_Exercise instructions_: The records below must be returned exactly, with every picture left out.

_Given records_:
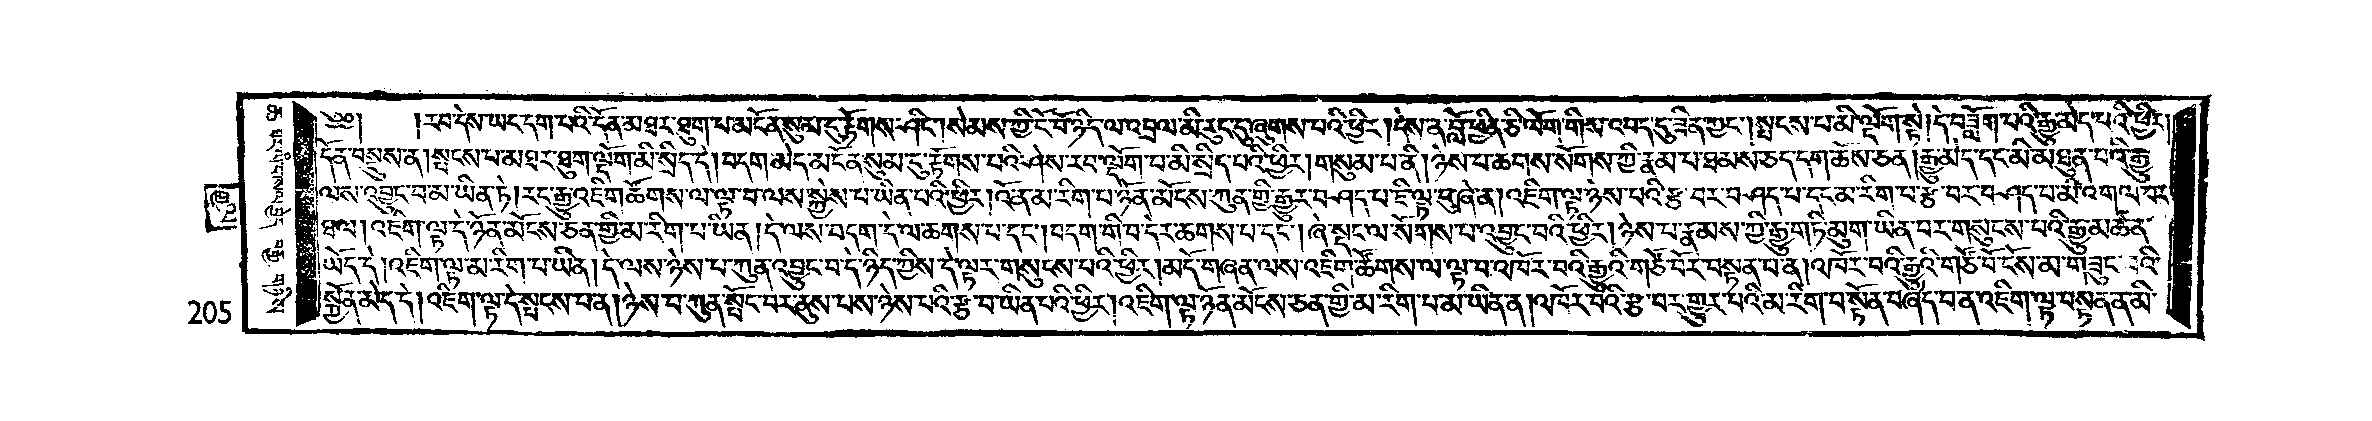༄༅། །རབ་དེས་ཡང་དག་པའི་དོན་མཐར་ཐུག་པ་མངོན་སུམ་དུ་རྟོགས་ཤིང་། སེམས་ཀྱི་ངོ་བོ་ཉིད་ལ་འབྲལ་མི་རུང་དུ་ཞུགས་པའི་ཕྱིར། དེས་ན་བློ་ཕྱིན་ཅི་ལོག་གིས་འབད་དུ་ཟིན་ཀྱང་། སྤངས་པ་མི་ལྡོག་སྟེ། དེ་བཟློག་པའི་རྒྱུ་མེད་པའི་ཕྱིར།
དོན་བསྡུས་ན། སྤངས་པ་མཐར་ཐུག་ལྡོག་མི་སྲིད་དེ། བདག་མེད་མངོན་སུམ་དུ་རྟོགས་པའི་ཤེས་རབ་ལྡོག་པ་མི་སྲིད་པའི་ཕྱིར། གསུམ་པ་ནི། ཉེས་པ་ཆགས་སོགས་ཀྱི་རྣམ་པ་ཐམས་ཅད་དག་ཆོས་ཅན། རྒྱུ་མེད་དང་མི་མཐུན་པའི་རྒྱུ་
ལས་འབྱུང་བ་མ་ཡིན་ཏེ། རང་རྒྱུ་འཇིག་ཚོགས་ལ་ལྟ་བ་ལས་སྐྱེས་པ་ཡིན་པའི་ཕྱིར། འོ་ན་མ་རིག་པ་ཉོན་མོངས་ཀུན་གྱི་རྒྱུར་བཤད་པ་ཇི་ལྟ་བུ་ཞེ་ན། འཇིག་ལྟ་ཉེས་པའི་རྩ་བར་བཤད་པ་དང་མ་རིག་པ་རྩ་བར་བཤད་པ་མི་འགལ་བར་
ཐལ། འཇིག་ལྟ་དེ་ཉོན་མོངས་ཅན་གྱི་མ་རིག་པ་ཡིན། དེ་ལས་བདག་དེ་ལ་ཆགས་པ་དང་། བདག་གི་བ་དེར་ཆགས་པ་དང་། ཞེ་སྡང་ལ་སོགས་པ་འབྱུང་བའི་ཕྱིར། ཉེས་པ་རྣམས་ཀྱི་རྒྱུ་གཏི་མུག་ཡིན་པར་གསུངས་པའི་རྒྱུ་མཚན་
ཡོད་དེ། འཇིག་ལྟ་མ་རིག་པ་ཡིན། དེ་ལས་ཉེས་པ་ཀུན་འབྱུང་བ་དེ་ཉིད་ཀྱིས་དེ་ལྟར་གསུངས་པའི་ཕྱིར། མདོ་གཞན་ལས་འཇིག་ཚོགས་ལ་ལྟ་བ་འཁོར་བའི་རྒྱུའི་གཙོ་བོར་བསྟན་པ་ན། འཁོར་བའི་རྒྱུའི་གཙོ་བོ་ངོས་མ་གཟུང་བའི་
སྐྱོན་མེད་དེ། འཇིག་ལྟ་དེ་སྤངས་པ་ན། ཉེས་པ་ཀུན་སྤོང་བར་ནུས་པས་ཉེས་པའི་རྩ་བ་ཡིན་པའི་ཕྱིར། འཇིག་ལྟ་ཉོན་མོངས་ཅན་གྱི་མ་རིག་པ་མ་ཡིན་ན། འཁོར་བའི་རྩ་བར་གྱུར་བའི་མ་རིག་པ་སྟོན་བཞེད་པ་ན་འཇིག་ལྟ་བསྟན་ན་མི་

_Task answer_:
༄༅། །རབ་དེས་ཡང་དག་པའི་དོན་མཐར་ཐུག་པ་མངོན་སུམ་དུ་རྟོགས་ཤིང་། སེམས་ཀྱི་ངོ་བོ་ཉིད་ལ་འབྲལ་མི་རུང་དུ་ཞུགས་པའི་ཕྱིར། དེས་ན་བློ་ཕྱིན་ཅི་ལོག་གིས་འབད་དུ་ཟིན་ཀྱང་། སྤངས་པ་མི་ལྡོག་སྟེ། དེ་བཟློག་པའི་རྒྱུ་མེད་པའི་ཕྱིར།
དོན་བསྡུས་ན། སྤངས་པ་མཐར་ཐུག་ལྡོག་མི་སྲིད་དེ། བདག་མེད་མངོན་སུམ་དུ་རྟོགས་པའི་ཤེས་རབ་ལྡོག་པ་མི་སྲིད་པའི་ཕྱིར། གསུམ་པ་ནི། ཉེས་པ་ཆགས་སོགས་ཀྱི་རྣམ་པ་ཐམས་ཅད་དག་ཆོས་ཅན། རྒྱུ་མེད་དང་མི་མཐུན་པའི་རྒྱུ་
ལས་འབྱུང་བ་མ་ཡིན་ཏེ། རང་རྒྱུ་འཇིག་ཚོགས་ལ་ལྟ་བ་ལས་སྐྱེས་པ་ཡིན་པའི་ཕྱིར། འོ་ན་མ་རིག་པ་ཉོན་མོངས་ཀུན་གྱི་རྒྱུར་བཤད་པ་ཇི་ལྟ་བུ་ཞེ་ན། འཇིག་ལྟ་ཉེས་པའི་རྩ་བར་བཤད་པ་དང་མ་རིག་པ་རྩ་བར་བཤད་པ་མི་འགལ་བར་
ཐལ། འཇིག་ལྟ་དེ་ཉོན་མོངས་ཅན་གྱི་མ་རིག་པ་ཡིན། དེ་ལས་བདག་དེ་ལ་ཆགས་པ་དང་། བདག་གི་བ་དེར་ཆགས་པ་དང་། ཞེ་སྡང་ལ་སོགས་པ་འབྱུང་བའི་ཕྱིར། ཉེས་པ་རྣམས་ཀྱི་རྒྱུ་གཏི་མུག་ཡིན་པར་གསུངས་པའི་རྒྱུ་མཚན་
ཡོད་དེ། འཇིག་ལྟ་མ་རིག་པ་ཡིན། དེ་ལས་ཉེས་པ་ཀུན་འབྱུང་བ་དེ་ཉིད་ཀྱིས་དེ་ལྟར་གསུངས་པའི་ཕྱིར། མདོ་གཞན་ལས་འཇིག་ཚོགས་ལ་ལྟ་བ་འཁོར་བའི་རྒྱུའི་གཙོ་བོར་བསྟན་པ་ན། འཁོར་བའི་རྒྱུའི་གཙོ་བོ་ངོས་མ་གཟུང་བའི་
སྐྱོན་མེད་དེ། འཇིག་ལྟ་དེ་སྤངས་པ་ན། ཉེས་པ་ཀུན་སྤོང་བར་ནུས་པས་ཉེས་པའི་རྩ་བ་ཡིན་པའི་ཕྱིར། འཇིག་ལྟ་ཉོན་མོངས་ཅན་གྱི་མ་རིག་པ་མ་ཡིན་ན། འཁོར་བའི་རྩ་བར་གྱུར་བའི་མ་རིག་པ་སྟོན་བཞེད་པ་ན་འཇིག་ལྟ་བསྟན་ན་མི་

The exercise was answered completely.